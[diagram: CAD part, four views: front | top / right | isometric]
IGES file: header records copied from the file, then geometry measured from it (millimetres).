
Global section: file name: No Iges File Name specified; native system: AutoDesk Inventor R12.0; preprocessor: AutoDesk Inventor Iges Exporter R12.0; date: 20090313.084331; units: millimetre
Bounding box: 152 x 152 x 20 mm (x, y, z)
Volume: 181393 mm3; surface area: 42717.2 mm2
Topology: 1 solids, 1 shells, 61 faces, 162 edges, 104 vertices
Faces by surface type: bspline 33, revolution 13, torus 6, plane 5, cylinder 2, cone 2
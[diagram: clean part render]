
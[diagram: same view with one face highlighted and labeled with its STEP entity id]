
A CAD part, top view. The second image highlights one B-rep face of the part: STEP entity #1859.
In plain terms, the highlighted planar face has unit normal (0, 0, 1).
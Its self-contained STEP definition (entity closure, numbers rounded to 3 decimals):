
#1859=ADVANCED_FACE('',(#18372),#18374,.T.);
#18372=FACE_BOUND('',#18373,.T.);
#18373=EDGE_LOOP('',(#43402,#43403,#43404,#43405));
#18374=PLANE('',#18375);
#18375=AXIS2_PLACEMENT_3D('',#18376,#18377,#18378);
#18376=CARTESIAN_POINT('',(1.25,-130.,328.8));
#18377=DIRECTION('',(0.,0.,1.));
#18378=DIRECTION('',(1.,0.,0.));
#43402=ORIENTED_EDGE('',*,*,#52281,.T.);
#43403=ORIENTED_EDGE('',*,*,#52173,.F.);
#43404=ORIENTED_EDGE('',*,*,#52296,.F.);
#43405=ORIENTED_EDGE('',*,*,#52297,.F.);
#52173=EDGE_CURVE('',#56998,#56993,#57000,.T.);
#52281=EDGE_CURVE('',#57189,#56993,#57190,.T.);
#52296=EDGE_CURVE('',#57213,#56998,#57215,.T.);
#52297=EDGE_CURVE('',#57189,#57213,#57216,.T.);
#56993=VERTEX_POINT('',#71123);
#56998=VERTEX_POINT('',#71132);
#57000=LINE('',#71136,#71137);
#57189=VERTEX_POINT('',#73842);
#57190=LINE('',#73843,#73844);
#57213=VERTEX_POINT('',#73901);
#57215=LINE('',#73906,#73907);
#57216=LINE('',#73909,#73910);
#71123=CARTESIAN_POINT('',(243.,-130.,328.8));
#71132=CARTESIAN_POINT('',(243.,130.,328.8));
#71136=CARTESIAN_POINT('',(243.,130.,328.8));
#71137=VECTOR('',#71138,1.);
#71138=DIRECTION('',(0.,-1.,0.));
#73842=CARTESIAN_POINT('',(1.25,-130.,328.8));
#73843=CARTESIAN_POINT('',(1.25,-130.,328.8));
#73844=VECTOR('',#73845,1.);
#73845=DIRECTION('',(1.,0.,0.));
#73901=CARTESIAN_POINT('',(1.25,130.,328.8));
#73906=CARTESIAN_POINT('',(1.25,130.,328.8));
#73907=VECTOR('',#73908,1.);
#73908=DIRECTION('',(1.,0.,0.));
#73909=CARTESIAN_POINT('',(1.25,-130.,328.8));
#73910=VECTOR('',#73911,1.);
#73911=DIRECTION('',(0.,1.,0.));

> [Aim of the exercise] Transcribe the data above so that every line matches exactly.

> [Task response]
[diagram: CAD part, four views: front | top / right | isometric]
IGES file: header records copied from the file, then geometry measured from it (millimetres).
Global section: file name: No Iges File Name specified; native system: AutoDesk Inventor R12.0; preprocessor: AutoDesk Inventor Iges Exporter R12.0; date: 20090313.084331; units: millimetre
Bounding box: 152 x 152 x 20 mm (x, y, z)
Volume: 181393 mm3; surface area: 42717.2 mm2
Topology: 1 solids, 1 shells, 61 faces, 162 edges, 104 vertices
Faces by surface type: bspline 33, revolution 13, torus 6, plane 5, cylinder 2, cone 2
[diagram: clean part render]
[diagram: same view with one face highlighted and labeled with its STEP entity id]
A CAD part, top view. The second image highlights one B-rep face of the part: STEP entity #1859.
In plain terms, the highlighted planar face has unit normal (0, 0, 1).
Its self-contained STEP definition (entity closure, numbers rounded to 3 decimals):
#1859=ADVANCED_FACE('',(#18372),#18374,.T.);
#18372=FACE_BOUND('',#18373,.T.);
#18373=EDGE_LOOP('',(#43402,#43403,#43404,#43405));
#18374=PLANE('',#18375);
#18375=AXIS2_PLACEMENT_3D('',#18376,#18377,#18378);
#18376=CARTESIAN_POINT('',(1.25,-130.,328.8));
#18377=DIRECTION('',(0.,0.,1.));
#18378=DIRECTION('',(1.,0.,0.));
#43402=ORIENTED_EDGE('',*,*,#52281,.T.);
#43403=ORIENTED_EDGE('',*,*,#52173,.F.);
#43404=ORIENTED_EDGE('',*,*,#52296,.F.);
#43405=ORIENTED_EDGE('',*,*,#52297,.F.);
#52173=EDGE_CURVE('',#56998,#56993,#57000,.T.);
#52281=EDGE_CURVE('',#57189,#56993,#57190,.T.);
#52296=EDGE_CURVE('',#57213,#56998,#57215,.T.);
#52297=EDGE_CURVE('',#57189,#57213,#57216,.T.);
#56993=VERTEX_POINT('',#71123);
#56998=VERTEX_POINT('',#71132);
#57000=LINE('',#71136,#71137);
#57189=VERTEX_POINT('',#73842);
#57190=LINE('',#73843,#73844);
#57213=VERTEX_POINT('',#73901);
#57215=LINE('',#73906,#73907);
#57216=LINE('',#73909,#73910);
#71123=CARTESIAN_POINT('',(243.,-130.,328.8));
#71132=CARTESIAN_POINT('',(243.,130.,328.8));
#71136=CARTESIAN_POINT('',(243.,130.,328.8));
#71137=VECTOR('',#71138,1.);
#71138=DIRECTION('',(0.,-1.,0.));
#73842=CARTESIAN_POINT('',(1.25,-130.,328.8));
#73843=CARTESIAN_POINT('',(1.25,-130.,328.8));
#73844=VECTOR('',#73845,1.);
#73845=DIRECTION('',(1.,0.,0.));
#73901=CARTESIAN_POINT('',(1.25,130.,328.8));
#73906=CARTESIAN_POINT('',(1.25,130.,328.8));
#73907=VECTOR('',#73908,1.);
#73908=DIRECTION('',(1.,0.,0.));
#73909=CARTESIAN_POINT('',(1.25,-130.,328.8));
#73910=VECTOR('',#73911,1.);
#73911=DIRECTION('',(0.,1.,0.));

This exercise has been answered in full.